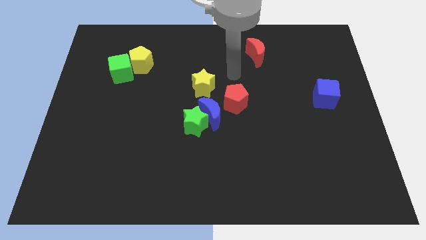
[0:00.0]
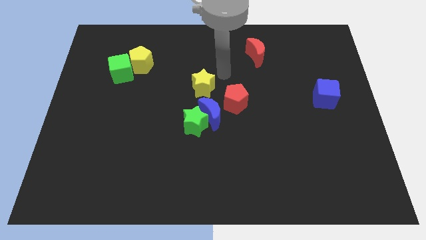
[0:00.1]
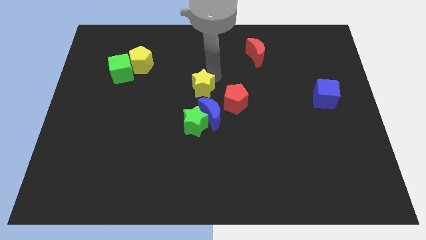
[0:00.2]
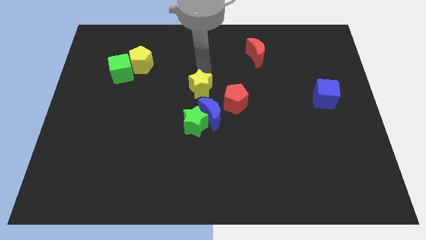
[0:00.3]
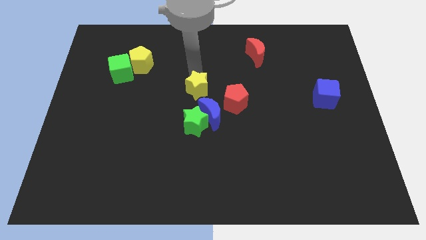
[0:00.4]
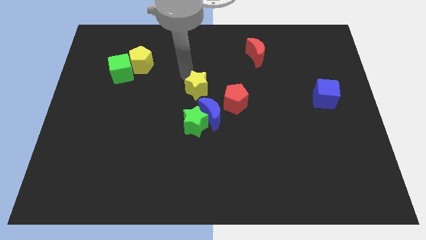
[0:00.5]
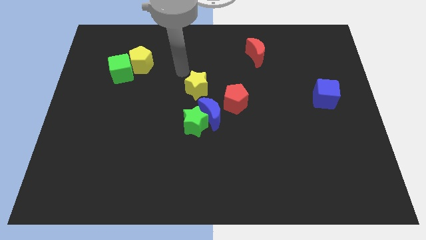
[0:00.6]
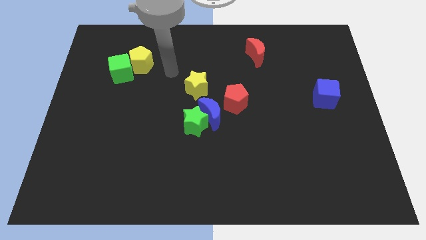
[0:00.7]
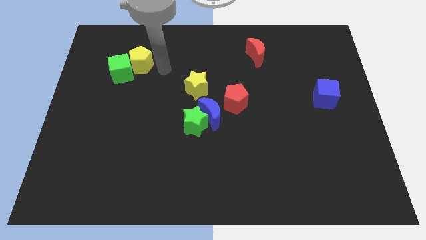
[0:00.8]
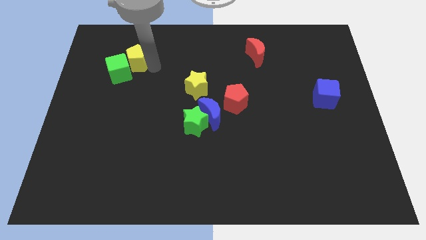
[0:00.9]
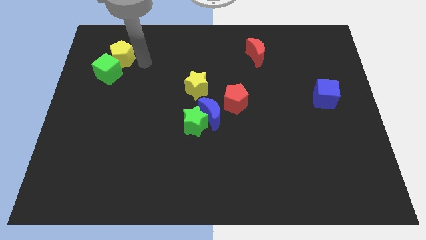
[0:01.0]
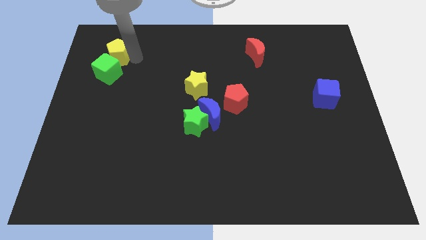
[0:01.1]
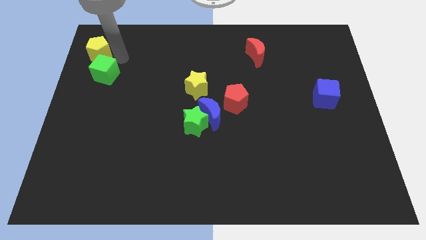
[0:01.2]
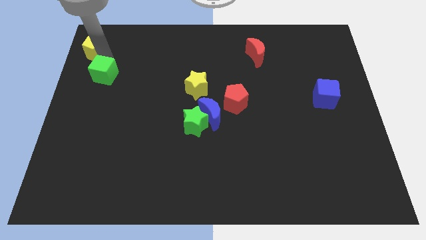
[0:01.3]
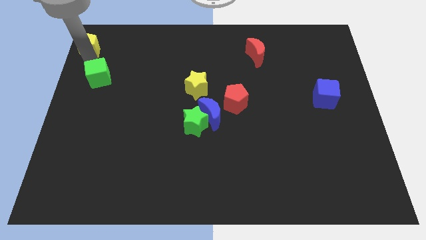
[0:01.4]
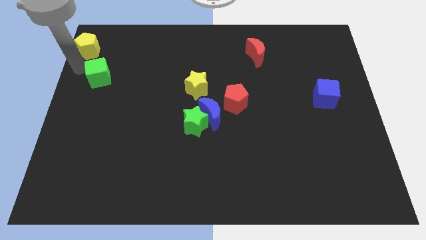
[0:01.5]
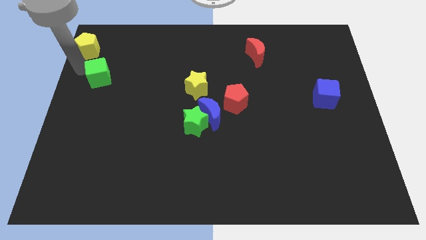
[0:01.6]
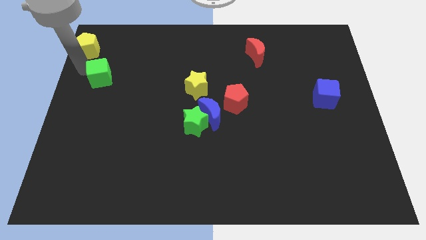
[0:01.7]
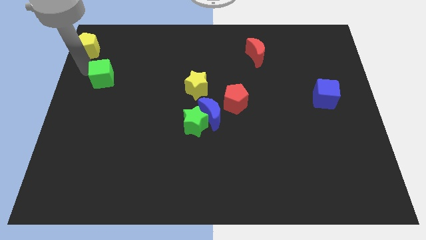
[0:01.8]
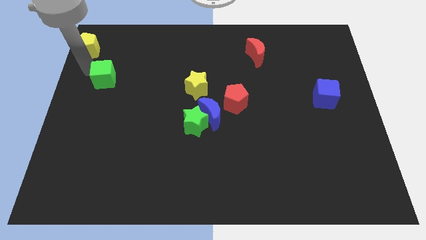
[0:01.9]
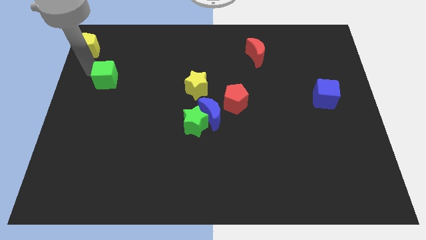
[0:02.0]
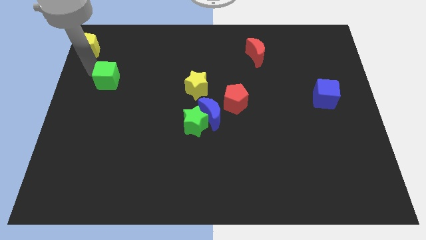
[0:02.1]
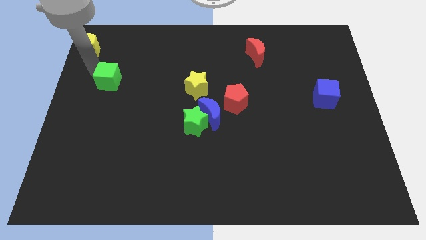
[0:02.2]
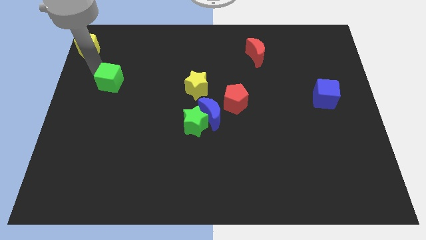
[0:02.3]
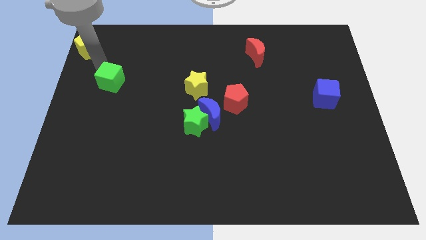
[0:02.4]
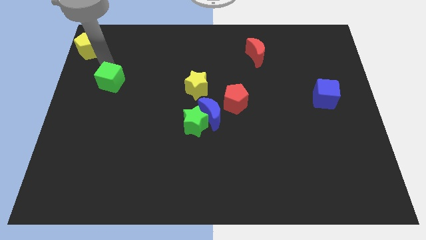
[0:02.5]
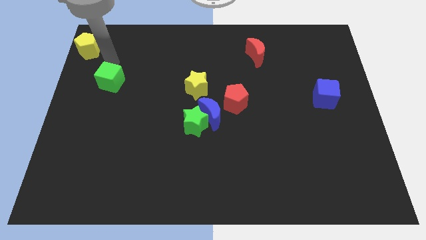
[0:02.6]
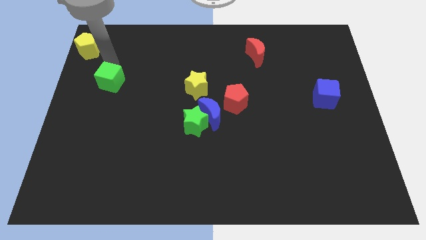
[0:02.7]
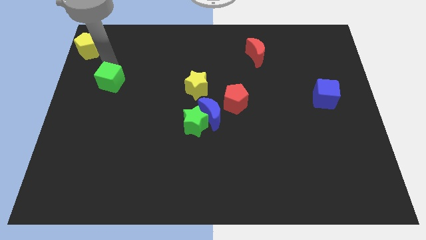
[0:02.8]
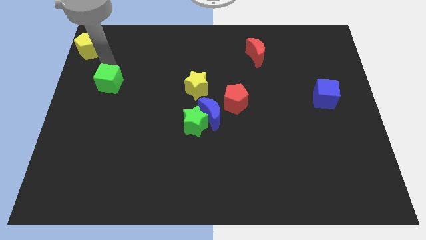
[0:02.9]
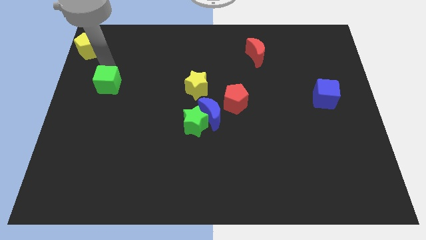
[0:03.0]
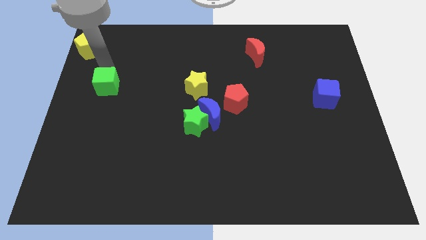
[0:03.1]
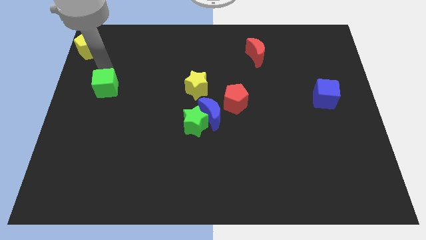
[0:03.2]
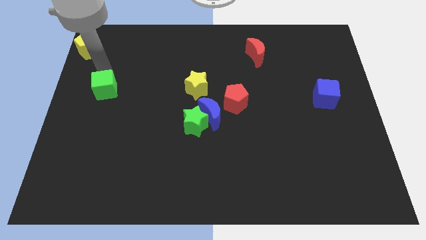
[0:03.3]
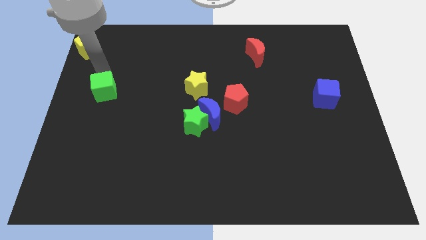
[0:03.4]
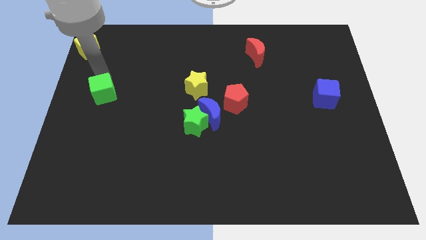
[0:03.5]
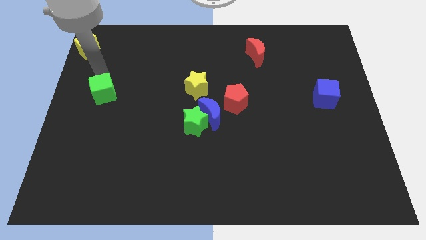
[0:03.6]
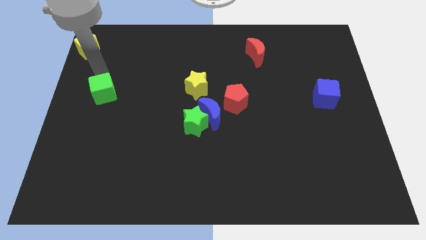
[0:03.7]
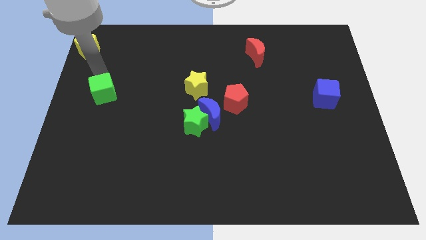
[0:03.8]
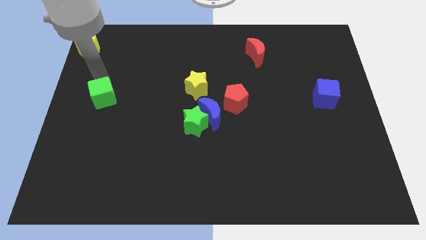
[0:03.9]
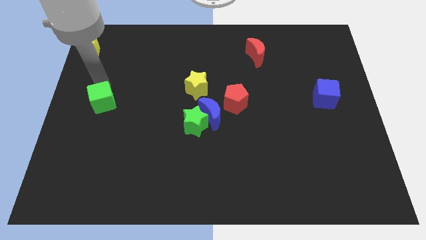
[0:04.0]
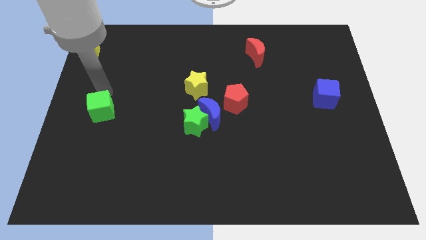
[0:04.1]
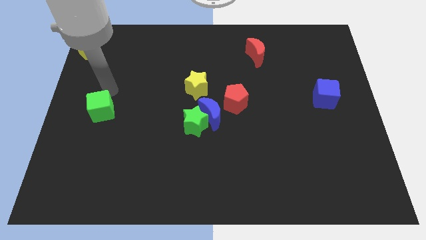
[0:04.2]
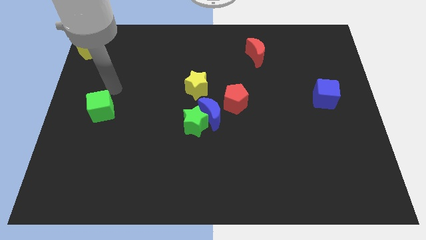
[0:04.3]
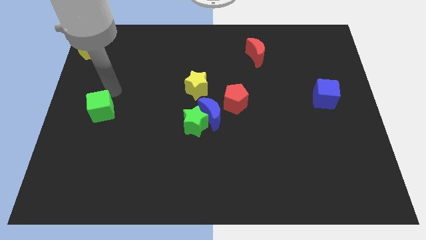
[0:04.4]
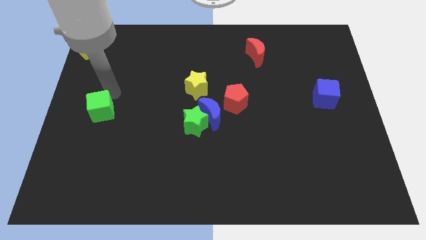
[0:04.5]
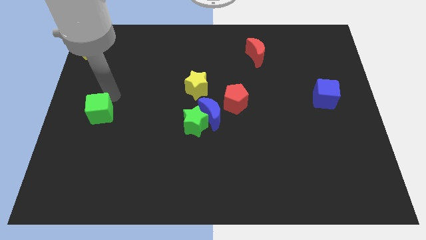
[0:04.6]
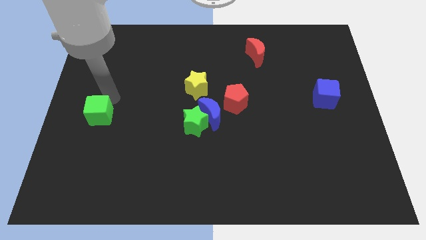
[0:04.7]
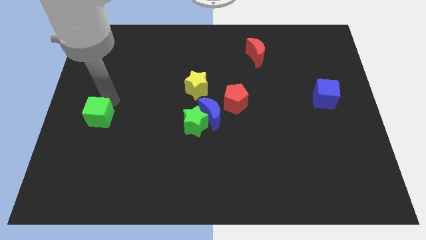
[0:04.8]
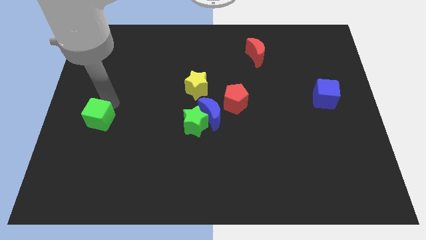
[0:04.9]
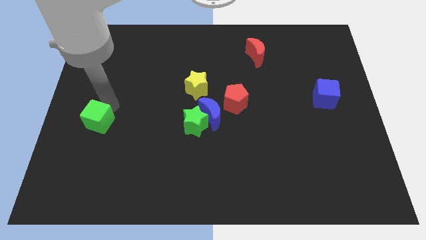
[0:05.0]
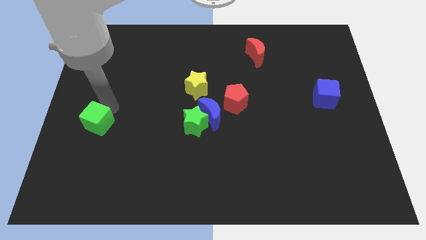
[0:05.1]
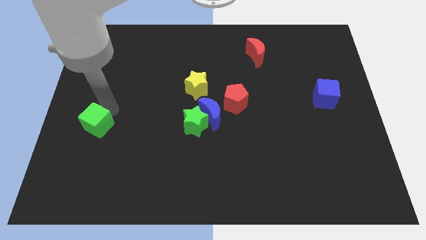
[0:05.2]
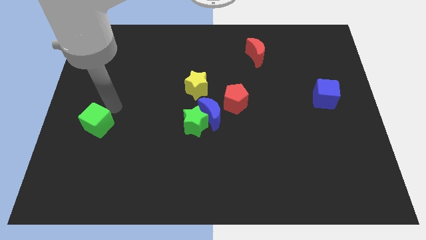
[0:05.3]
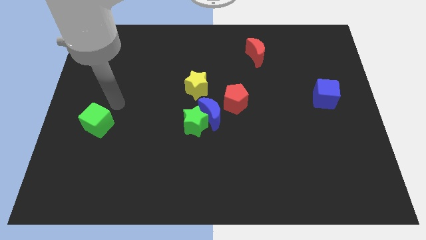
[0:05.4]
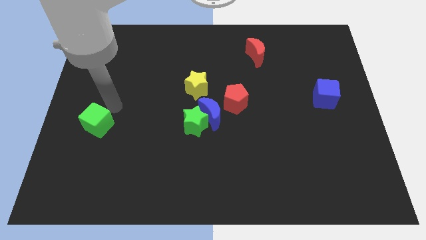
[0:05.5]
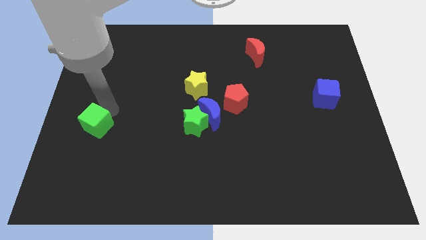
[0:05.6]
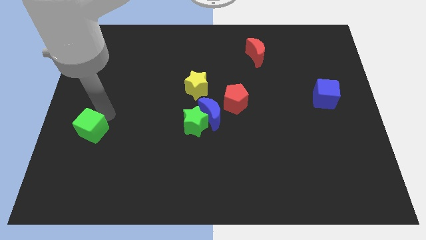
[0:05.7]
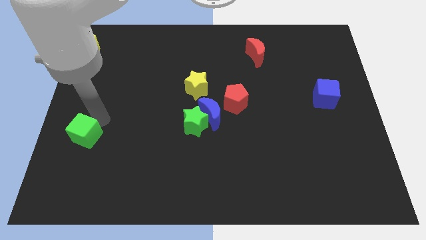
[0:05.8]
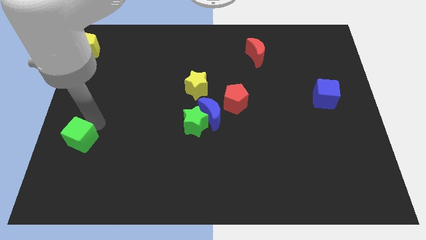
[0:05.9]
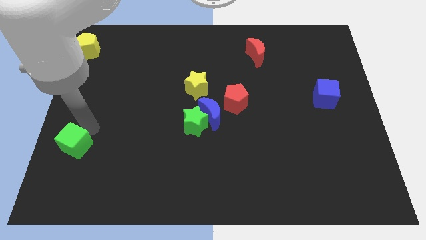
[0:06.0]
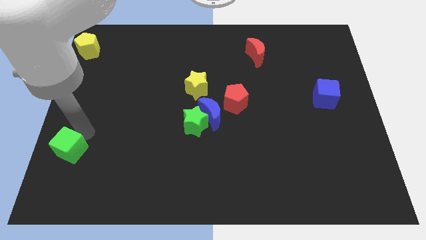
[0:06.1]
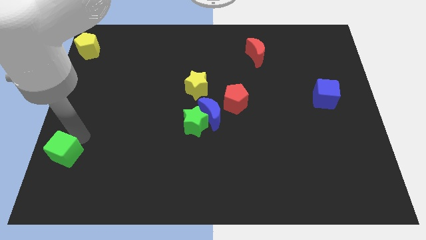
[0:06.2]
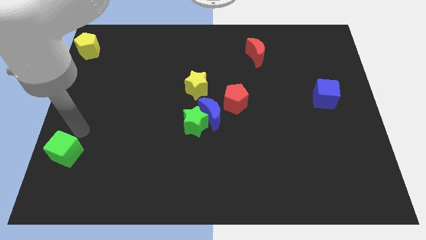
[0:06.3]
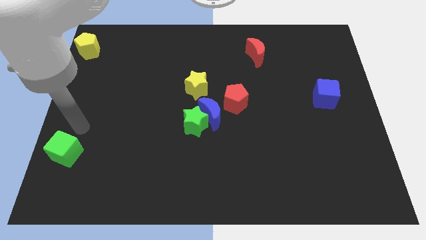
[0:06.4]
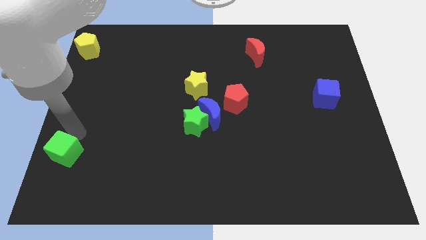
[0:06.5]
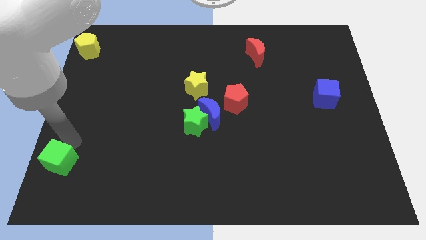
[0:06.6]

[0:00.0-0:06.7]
put the green cube to the bottom left
+===+
**WORK INSTRUCTIONS**
Retype the data above exactly. Do not carry over any images.

**PROBLEM SOLUTION**
[0:00.0]
[0:00.1]
[0:00.2]
[0:00.3]
[0:00.4]
[0:00.5]
[0:00.6]
[0:00.7]
[0:00.8]
[0:00.9]
[0:01.0]
[0:01.1]
[0:01.2]
[0:01.3]
[0:01.4]
[0:01.5]
[0:01.6]
[0:01.7]
[0:01.8]
[0:01.9]
[0:02.0]
[0:02.1]
[0:02.2]
[0:02.3]
[0:02.4]
[0:02.5]
[0:02.6]
[0:02.7]
[0:02.8]
[0:02.9]
[0:03.0]
[0:03.1]
[0:03.2]
[0:03.3]
[0:03.4]
[0:03.5]
[0:03.6]
[0:03.7]
[0:03.8]
[0:03.9]
[0:04.0]
[0:04.1]
[0:04.2]
[0:04.3]
[0:04.4]
[0:04.5]
[0:04.6]
[0:04.7]
[0:04.8]
[0:04.9]
[0:05.0]
[0:05.1]
[0:05.2]
[0:05.3]
[0:05.4]
[0:05.5]
[0:05.6]
[0:05.7]
[0:05.8]
[0:05.9]
[0:06.0]
[0:06.1]
[0:06.2]
[0:06.3]
[0:06.4]
[0:06.5]
[0:06.6]

[0:00.0-0:06.7]
put the green cube to the bottom left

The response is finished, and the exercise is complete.